Top of AVAILABLE DATA

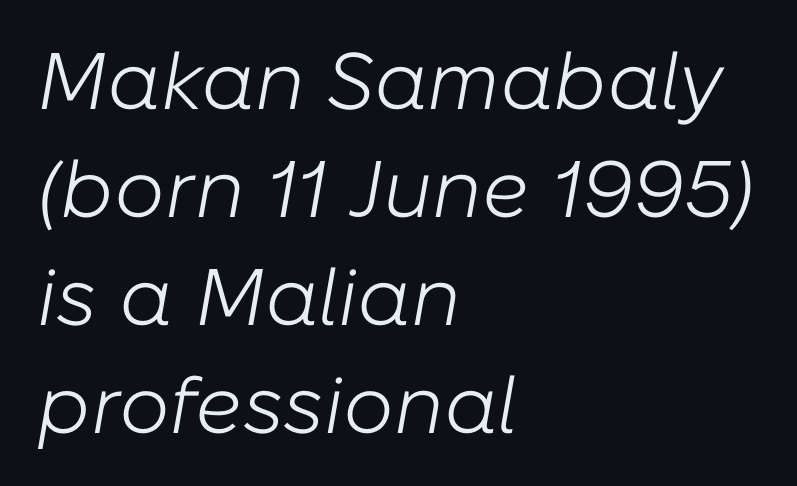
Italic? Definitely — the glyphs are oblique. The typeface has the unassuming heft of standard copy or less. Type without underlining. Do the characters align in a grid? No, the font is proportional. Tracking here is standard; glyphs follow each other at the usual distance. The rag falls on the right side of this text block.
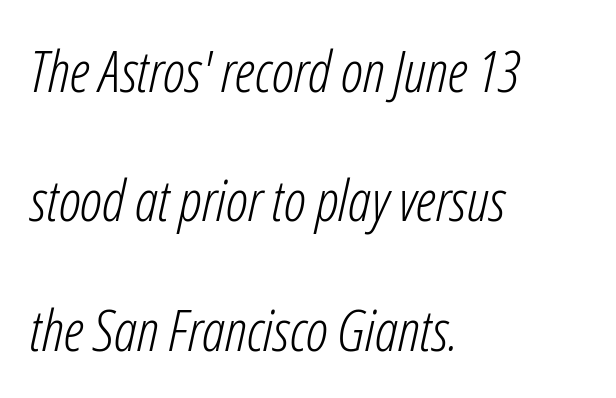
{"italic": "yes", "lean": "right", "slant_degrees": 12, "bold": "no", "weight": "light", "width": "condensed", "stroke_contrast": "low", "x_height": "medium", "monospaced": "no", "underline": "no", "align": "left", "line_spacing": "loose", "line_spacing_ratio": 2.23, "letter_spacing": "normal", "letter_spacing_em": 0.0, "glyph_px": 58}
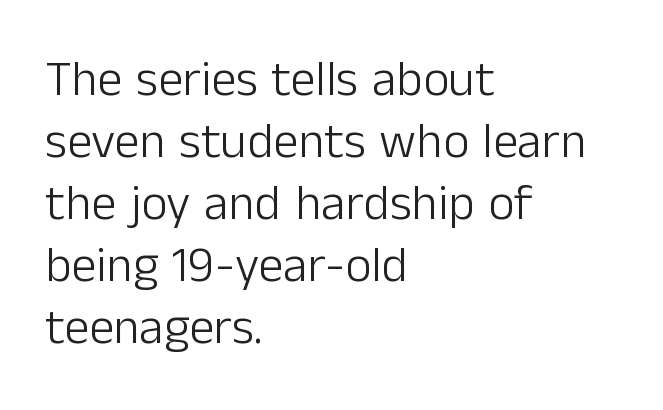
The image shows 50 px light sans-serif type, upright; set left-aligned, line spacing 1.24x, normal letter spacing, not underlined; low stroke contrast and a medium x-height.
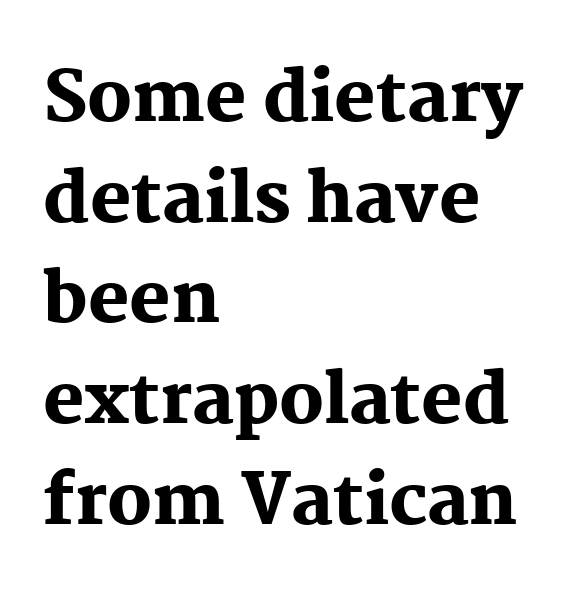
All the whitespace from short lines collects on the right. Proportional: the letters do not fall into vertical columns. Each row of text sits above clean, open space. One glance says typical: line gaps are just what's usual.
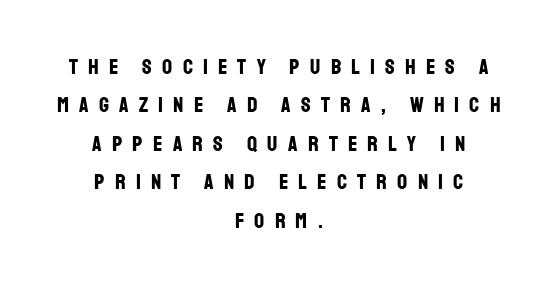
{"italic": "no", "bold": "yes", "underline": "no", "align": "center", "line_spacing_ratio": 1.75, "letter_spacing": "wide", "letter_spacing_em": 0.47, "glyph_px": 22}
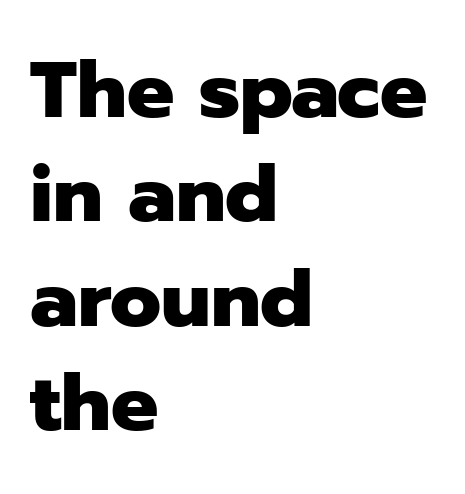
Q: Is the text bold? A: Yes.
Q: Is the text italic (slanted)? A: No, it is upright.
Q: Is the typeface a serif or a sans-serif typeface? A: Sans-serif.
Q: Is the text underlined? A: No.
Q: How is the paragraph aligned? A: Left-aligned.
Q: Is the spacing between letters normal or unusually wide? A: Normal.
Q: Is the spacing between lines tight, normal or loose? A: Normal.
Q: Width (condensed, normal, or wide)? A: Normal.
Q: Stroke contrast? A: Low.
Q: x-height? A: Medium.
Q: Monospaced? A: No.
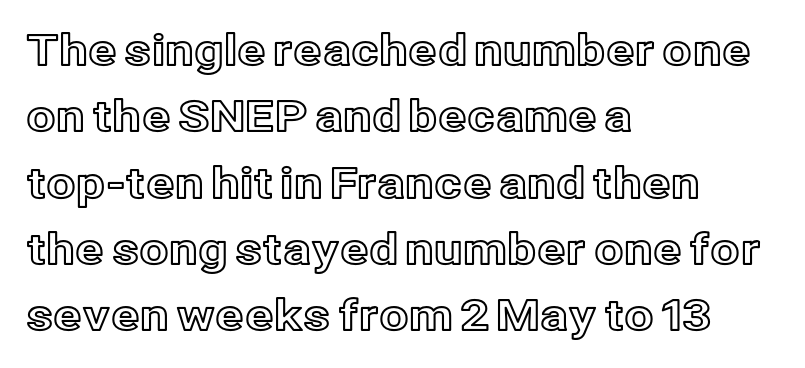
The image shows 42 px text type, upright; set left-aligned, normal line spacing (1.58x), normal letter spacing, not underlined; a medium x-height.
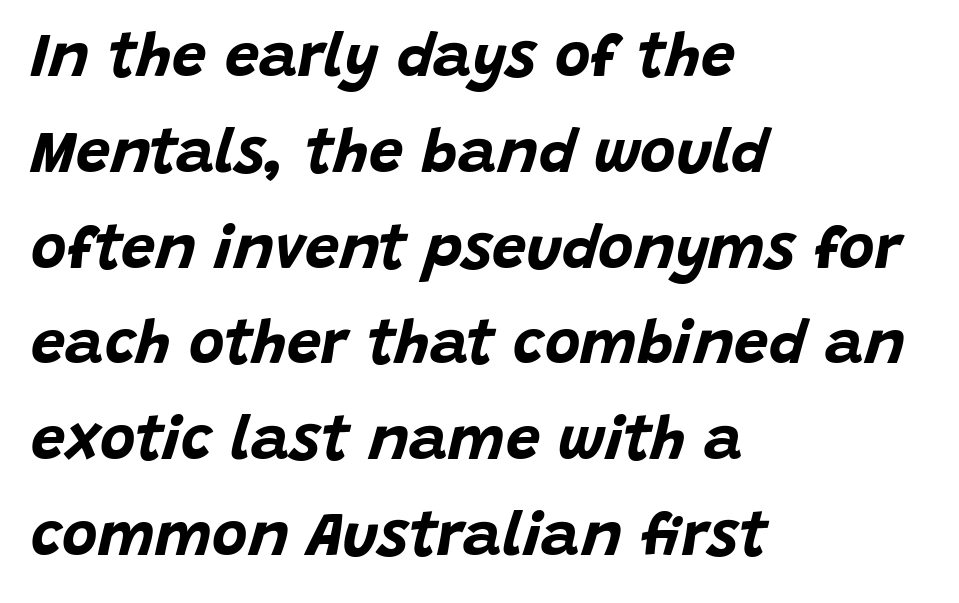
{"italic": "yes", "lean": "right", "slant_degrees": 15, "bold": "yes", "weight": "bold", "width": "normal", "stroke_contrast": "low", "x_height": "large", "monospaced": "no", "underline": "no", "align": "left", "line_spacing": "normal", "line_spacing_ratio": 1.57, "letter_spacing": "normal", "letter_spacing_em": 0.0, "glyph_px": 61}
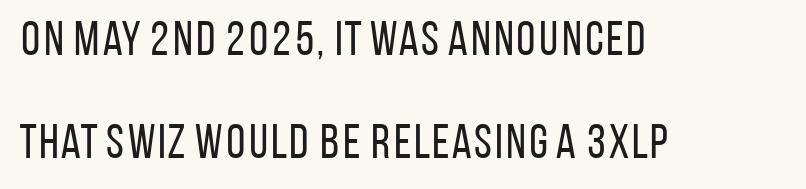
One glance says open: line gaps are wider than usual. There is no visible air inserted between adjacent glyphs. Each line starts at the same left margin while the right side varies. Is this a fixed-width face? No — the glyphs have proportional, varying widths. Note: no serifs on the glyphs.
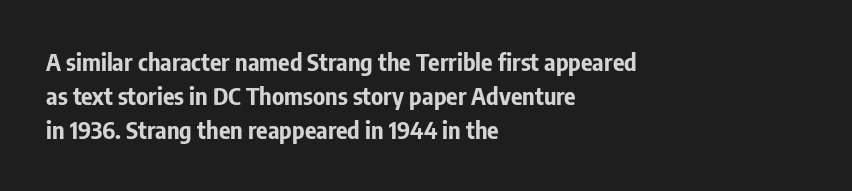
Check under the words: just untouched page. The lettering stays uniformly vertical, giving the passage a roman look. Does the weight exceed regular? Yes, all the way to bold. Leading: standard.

Bottom of AVAILABLE DATA

• [PROBLEM]:
No pictures belong in the copy: reproduce exactly the lines above from the one that contains "Q: Stroke contrast? A: Low." through the last line of the entries.

• [EXERCISE ANSWER]:
Q: Stroke contrast? A: Low.
Q: x-height? A: Medium.
Q: Monospaced? A: No.
The image shows 42 px text type, upright; set left-aligned, normal line spacing (1.58x), normal letter spacing, not underlined; a medium x-height.
{"italic": "yes", "lean": "right", "slant_degrees": 15, "bold": "yes", "weight": "bold", "width": "normal", "stroke_contrast": "low", "x_height": "large", "monospaced": "no", "underline": "no", "align": "left", "line_spacing": "normal", "line_spacing_ratio": 1.57, "letter_spacing": "normal", "letter_spacing_em": 0.0, "glyph_px": 61}
One glance says open: line gaps are wider than usual. There is no visible air inserted between adjacent glyphs. Each line starts at the same left margin while the right side varies. Is this a fixed-width face? No — the glyphs have proportional, varying widths. Note: no serifs on the glyphs.
Check under the words: just untouched page. The lettering stays uniformly vertical, giving the passage a roman look. Does the weight exceed regular? Yes, all the way to bold. Leading: standard.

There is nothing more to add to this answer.